### Exercise requirements:
Below are records; extract exactly the lines from the one with "LaTeX: u\Delta" through the final line, including both, but drop the pictures.

### Stored records:
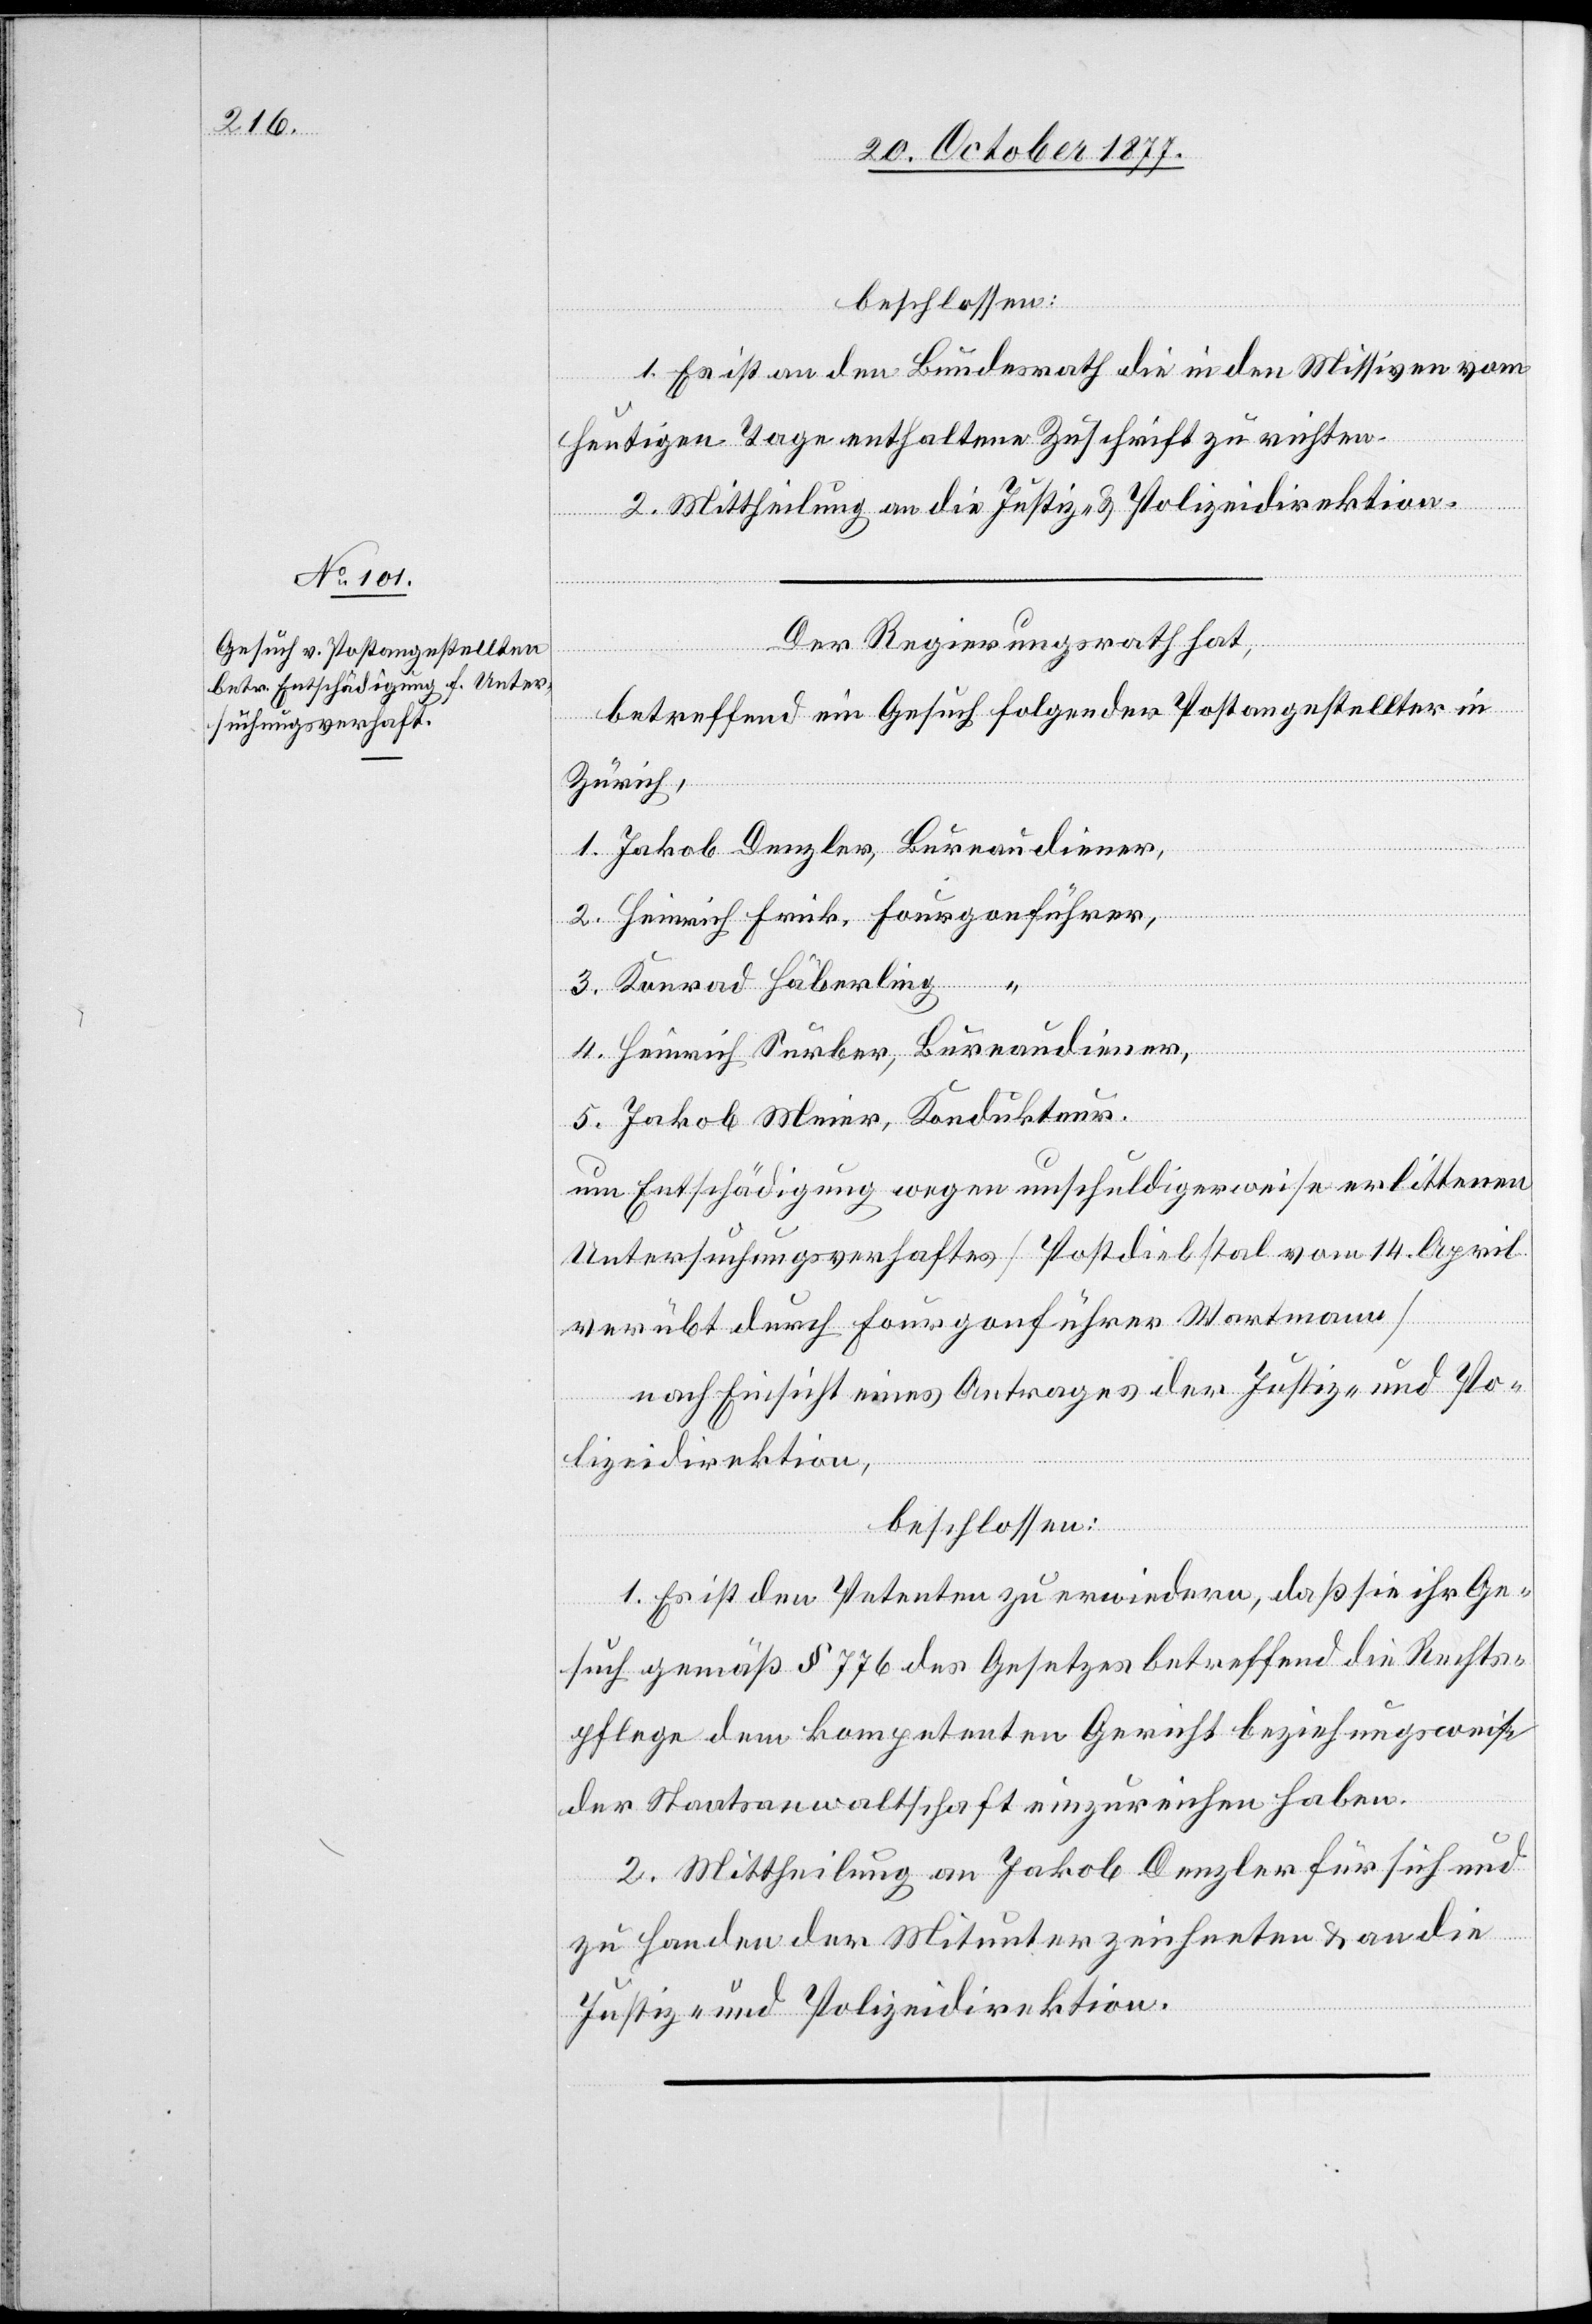
22. October 1877.]
beschlossen:
1. Es ist an den Bundesrath die in den Missiven vom
heutigen Tage enthaltene Zuschrift zu richten.
2. Mittheilung an die Justiz- & Polizeidirektion.
Der Regierungsrath hat,
betreffend ein Gesuch folgender Postangestellter in
Zürich,
1. Jakob Denzler, Bureaudiener,
2. Heinrich Frick, Fourgonführer,
3. Konrad Häberling “
4. Heinrich Surber, Bureaudiener,
5. Jakob Meier, Kondukteur.
um Entschädigung wegen unschuldigerweise erlittenen
Untersuchungsverhaftes [Postdiebstal vom 14. April
verübt durch Fourgonführer Wartmann]
nach Einsicht eines Antrages der Justiz- und Po¬
lizeidirektion,
beschlossen:
1. Es ist den Petenten zu erwiedern, daß sie ihr Ge¬
such gemäß § 776 des Gesetzes betreffend die Rechts¬
pflege dem kompetenten Gericht beziehungsweise
der Staatsanwaltschaft einzureichen haben.
2. Mittheilung an Jakob Denzler für sich und
zu Handen der Mitunterzeichneten & an die
Justiz- und Polizeidirektion.
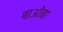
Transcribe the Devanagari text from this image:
बाओबा
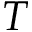
T
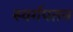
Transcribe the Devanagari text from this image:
स्वर्गपतन
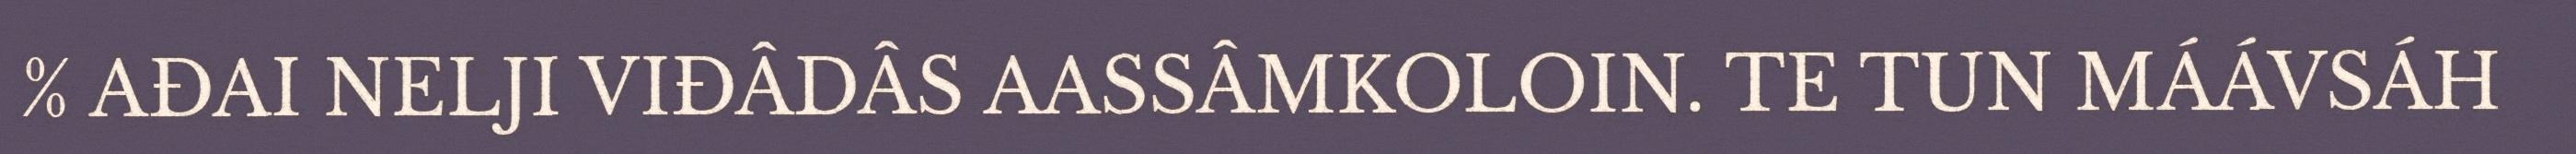
% AĐAI NELJI VIĐÂDÂS AASSÂMKOLOIN. TE TUN MÁÁVSÁH
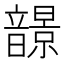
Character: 𩐿
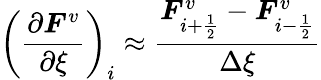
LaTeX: \left(\frac{\partial\boldsymbol{F}^{v}}{\partial\xi}\right)_{i}\approx\frac{\boldsymbol{F}_{i+\frac{1}{2}}^{v}-\boldsymbol{F}_{i-\frac{1}{2}}^{v}}{\Delta\xi}
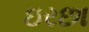
ઇરછા
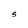
Character: S
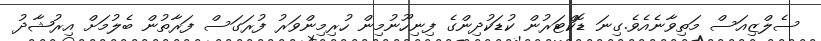
ސެލްޒިއަސް މަތިވާނެއެވެ.ގިނަ ޑޮކްޓަރުން ކުޑަކުދިންގެ ފިނިހޫނުމިން ހުރިމިންވަރު ފުރަގަސް ފަރާތުން ބެލުމަށް އިރުޝާދު
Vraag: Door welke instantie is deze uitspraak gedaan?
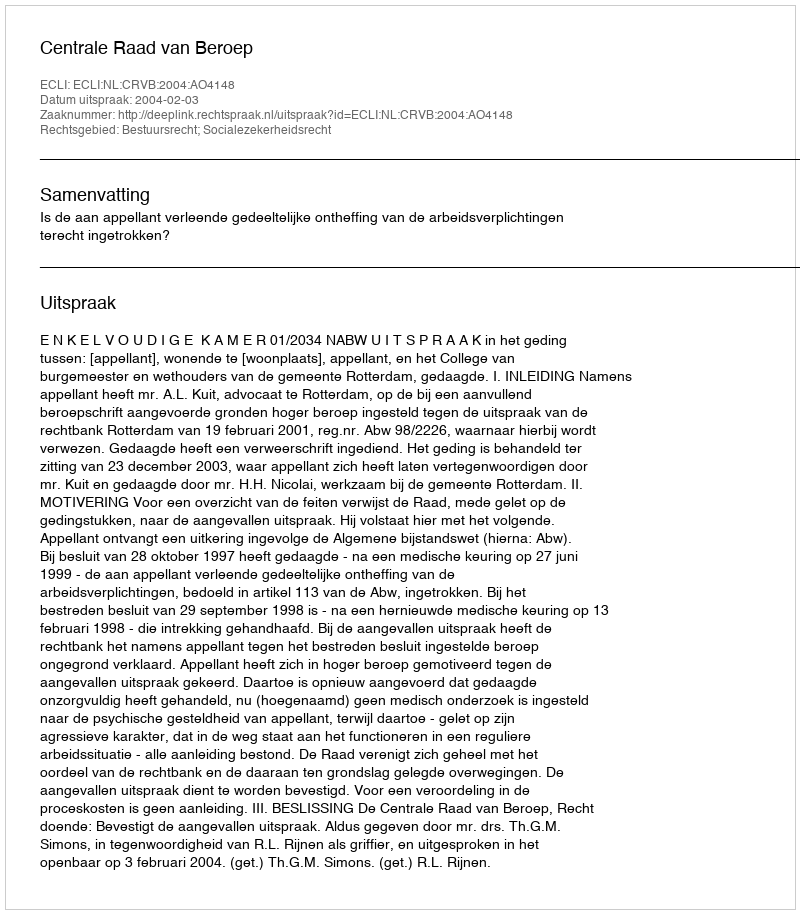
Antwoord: Centrale Raad van Beroep
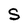
Character: S
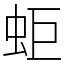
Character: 蚷
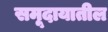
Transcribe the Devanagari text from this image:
समूदायातील
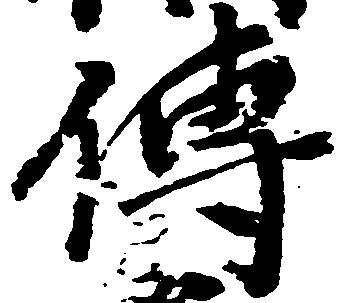
傳
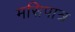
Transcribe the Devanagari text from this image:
मसिपात्र
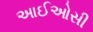
આઈઓસી
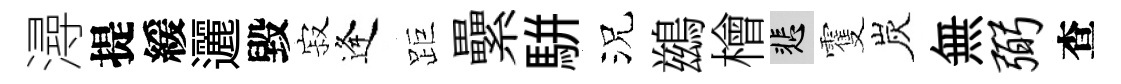
潯提緩邐毀寂逢距纍駢況鷀檜悲䨥炭無弼查
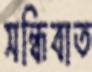
সন্ধিবাত
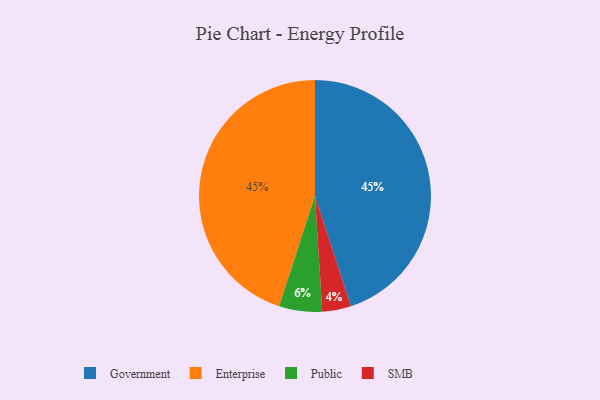
{"axis": {"x": "Category", "y": "Percentage"}, "legend": ["Enterprise", "Government", "Public", "SMB"], "data": [{"x": "Government", "y": 45, "type": "Government"}, {"x": "SMB", "y": 4, "type": "SMB"}, {"x": "Enterprise", "y": 45, "type": "Enterprise"}, {"x": "Public", "y": 6, "type": "Public"}]}
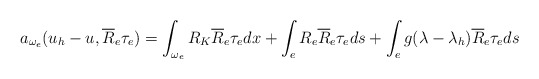
\begin{align*}a_{\omega_e}(u_h-u,\overline{R}_e \tau_e)&= \int_{\omega_e} R_K\overline{R}_e \tau_e dx+ \int_{e} R_e\overline{R}_e \tau_e ds + \int_{e} g(\lambda- \lambda_h)\overline{R}_e \tau_e ds\end{align*}
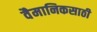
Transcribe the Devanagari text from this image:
वैमानिकसाठी
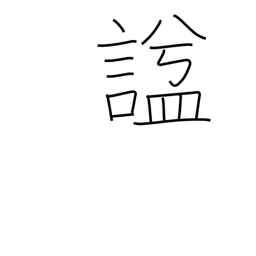
Meaning: posthumous name
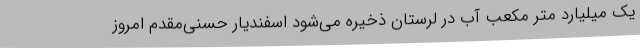
یک میلیارد متر مکعب آب در لرستان ذخیره می‌شود اسفندیار حسنی‌مقدم امروز
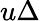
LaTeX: u\Delta
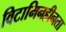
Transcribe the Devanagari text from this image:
विटामिनहीनता
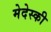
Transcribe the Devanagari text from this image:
मेदेस्की
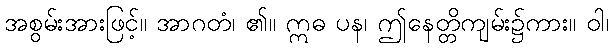
အစွမ်းအားဖြင့်။ အာဂတံ၊ ၏။ ဣဓ ပန၊ ဤနေတ္တိကျမ်း၌ကား။ ဝါ၊
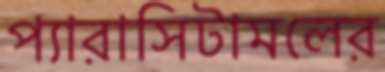
প্যারাসিটামলের
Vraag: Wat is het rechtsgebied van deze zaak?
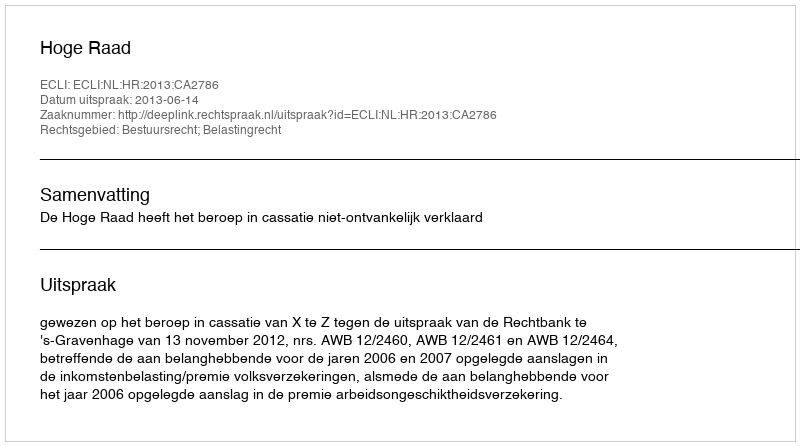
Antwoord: Bestuursrecht; Belastingrecht
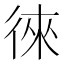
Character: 徠
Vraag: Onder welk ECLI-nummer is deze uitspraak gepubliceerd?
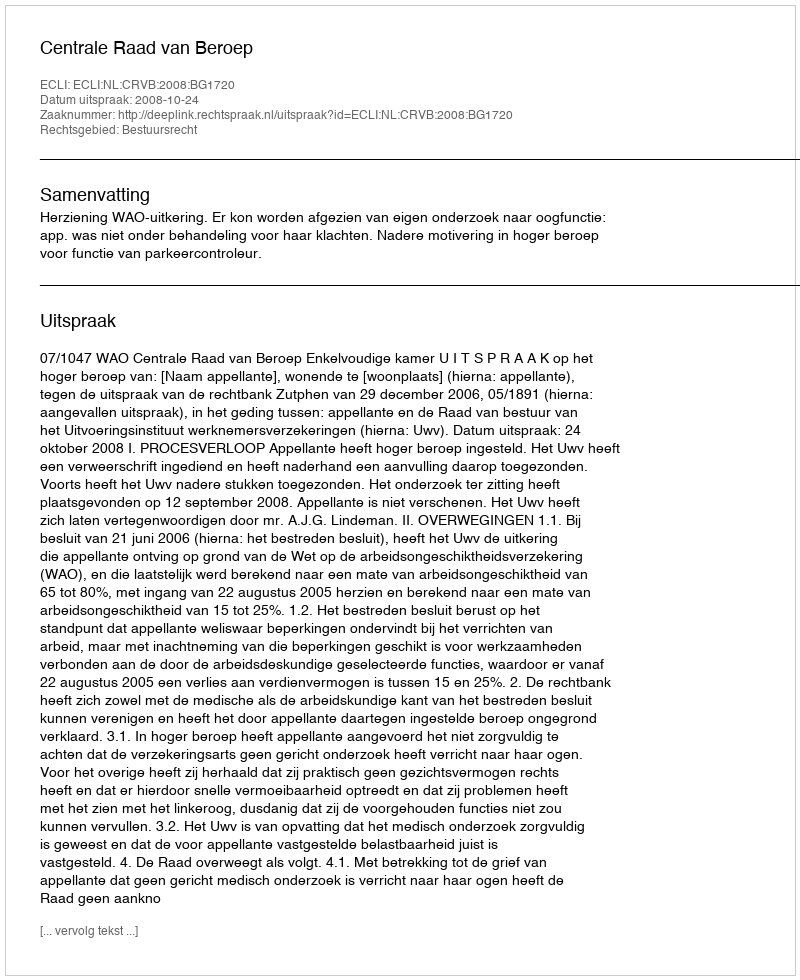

### Task response:
LaTeX: u\Delta
Transcribe the Devanagari text from this image:
विटामिनहीनता
Transcribe the Devanagari text from this image:
मेदेस्की
အစွမ်းအားဖြင့်။ အာဂတံ၊ ၏။ ဣဓ ပန၊ ဤနေတ္တိကျမ်း၌ကား။ ဝါ၊
প্যারাসিটামলের
Vraag: Wat is het rechtsgebied van deze zaak?
Antwoord: Bestuursrecht; Belastingrecht
Character: 徠
Vraag: Onder welk ECLI-nummer is deze uitspraak gepubliceerd?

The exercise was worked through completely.